Requirement.
Filter these records by the string "lines", copying each line that holds it.

Data provided.
══════
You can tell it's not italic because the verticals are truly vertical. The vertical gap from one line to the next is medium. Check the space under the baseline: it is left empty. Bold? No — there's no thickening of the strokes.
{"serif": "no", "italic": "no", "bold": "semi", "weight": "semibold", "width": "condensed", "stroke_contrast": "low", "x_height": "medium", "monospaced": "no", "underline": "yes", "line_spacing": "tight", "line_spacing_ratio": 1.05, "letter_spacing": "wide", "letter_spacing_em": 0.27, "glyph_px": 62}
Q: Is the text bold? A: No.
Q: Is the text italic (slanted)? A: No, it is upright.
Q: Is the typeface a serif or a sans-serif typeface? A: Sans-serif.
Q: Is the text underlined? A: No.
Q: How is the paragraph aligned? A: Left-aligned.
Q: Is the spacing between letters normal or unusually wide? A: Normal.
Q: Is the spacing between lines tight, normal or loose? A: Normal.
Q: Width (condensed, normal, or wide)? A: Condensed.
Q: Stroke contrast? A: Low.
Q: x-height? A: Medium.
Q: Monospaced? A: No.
══════
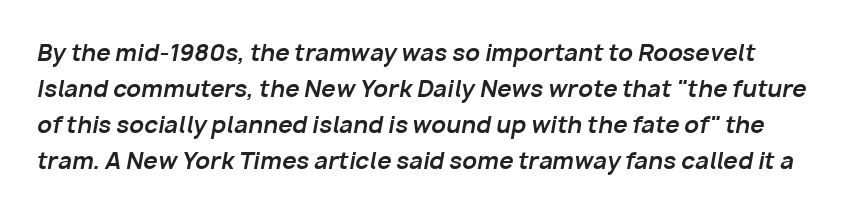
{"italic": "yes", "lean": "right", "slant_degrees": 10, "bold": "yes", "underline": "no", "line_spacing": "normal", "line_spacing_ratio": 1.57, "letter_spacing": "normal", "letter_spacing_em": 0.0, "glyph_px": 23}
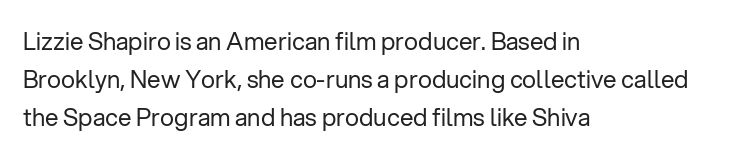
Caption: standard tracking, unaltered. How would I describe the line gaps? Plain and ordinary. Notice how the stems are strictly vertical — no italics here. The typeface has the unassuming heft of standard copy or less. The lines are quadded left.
══════
Output of the task.
Q: Is the spacing between lines tight, normal or loose? A: Normal.
Caption: standard tracking, unaltered. How would I describe the line gaps? Plain and ordinary. Notice how the stems are strictly vertical — no italics here. The typeface has the unassuming heft of standard copy or less. The lines are quadded left.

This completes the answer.